Principaux renseignements
- Les organisateurs de la Cop31 exigent une électrification mondiale de 35 pour cent d’ici 2035.
- Les énergies renouvelables constituent la solution la moins coûteuse pour lutter contre les catastrophes climatiques.
- La Turquie vise à réduire de moitié la croissance mondiale des déchets au cours de la prochaine décennie.
Les organisateurs du prochain sommet Cop31 exhortent la communauté internationale à faire en sorte que 35 pour cent de sa consommation totale d’énergie provienne de l’électricité d’ici 2035. Le ministre turc de l’Environnement, Murat Kurum, qui coprésidera l’événement aux côtés de l’Australie, a fait valoir qu’il était essentiel de faire passer ce chiffre de 20 pour cent actuellement pour s’engager sur la voie de la décarbonisation. Alors que les sources renouvelables fournissent déjà une part importante de l’électricité mondiale, des secteurs tels que la production industrielle, le chauffage et les transports restent dépendants des combustibles fossiles, qui représentent encore près de 80 pour cent de la consommation finale d’énergie.

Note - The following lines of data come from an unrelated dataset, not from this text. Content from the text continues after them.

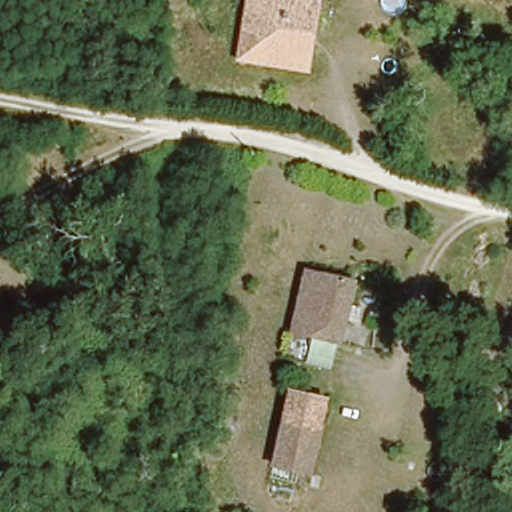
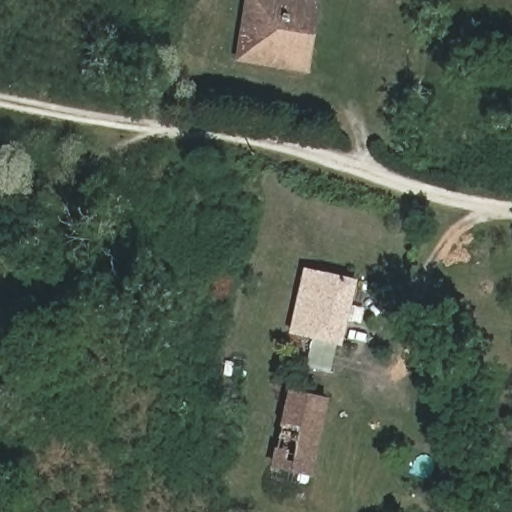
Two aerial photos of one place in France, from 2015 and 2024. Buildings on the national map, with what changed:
unchanged [(280,67),(242,60),(251,0),(291,0),(280,67)]
unchanged [(291,0),(310,0),(313,1),(304,71),(280,67),(291,0)]
unchanged [(336,344),(312,337),(315,323),(295,318),(308,272),(350,283),(336,344)]
unchanged [(310,469),(276,462),(291,392),(325,400),(310,469)]
unchanged [(417,512),(417,507),(444,510),(444,512),(417,512)]

Mesure visant à lutter contre la crise énergétique et le réchauffement climatique
Le ministre australien chargé du changement climatique, Chris Bowen, a souligné que s’affranchir de la dépendance aux combustibles fossiles et donner la priorité à l’électrification peut atténuer à la fois la crise énergétique qui s’aggrave et la fréquence croissante des catastrophes climatiques. Il a noté que l’énergie renouvelable est actuellement l’option énergétique la plus abordable, qu’elle soit utilisée pour moderniser l’industrie allemande, introduire des méthodes de cuisson propres en Afrique ou remplacer le diesel par l’énergie solaire dans le Pacifique.
Bien que des technologies telles que les pompes à chaleur et les voitures électriques soient largement disponibles, leur adoption reste inégale selon les régions. L’attrait des technologies propres s’est accru à mesure que l’instabilité géopolitique, en particulier le conflit en Iran, a fait grimper les prix du pétrole au-dessus de 100 dollars le baril.
L’urgence d’une transition vers le développement durable
Simon Stiell, responsable des questions climatiques à l’ONU, a décrit l’effort collectif pour lutter contre l’urgence climatique comme l’entreprise la plus difficile mais la plus vitale de l’histoire de l’humanité. Il a souligné l’urgence de cette transition, en évoquant les milliers de décès causés par les vagues de chaleur extrêmes en Asie et en Europe.
Cette urgence est encore accentuée par les avertissements scientifiques concernant un éventuel « super El Niño », qui pourrait aggraver les sécheresses, les inondations et les pics de température mondiaux.
Tracer la voie vers le sommet d’Antalya
Alors que les responsables se réunissent à Bonn pour préparer le sommet de novembre à Antalya, en Turquie, la présidence entend faire de l’électrification une pierre angulaire de l’ordre du jour. L’Agence internationale de l’énergie devrait élaborer une feuille de route sur la manière d’atteindre l’objectif fixé pour 2035.
Cette initiative fait suite à des efforts mondiaux antérieurs visant à doubler l’efficacité énergétique et à tripler la capacité des énergies renouvelables, bien qu’aucun objectif spécifique en matière d’électrification n’ait été fixé jusqu’à présent.
Donner la priorité à la réduction des déchets
Outre les transitions énergétiques, les dirigeants turcs accordent la priorité à la réduction des déchets, le ministre Kurum appelant à réduire de moitié la croissance mondiale des déchets d’ici 2035. Cette priorité découle en partie d’une initiative nationale lancée en 2017 par Emine Erdoğan, l’épouse du président.
Le sommet Cop31 lui-même suit un arrangement unique dans lequel l’Australie gère les négociations officielles de l’accord de Paris tout en partageant la présidence générale avec la Turquie.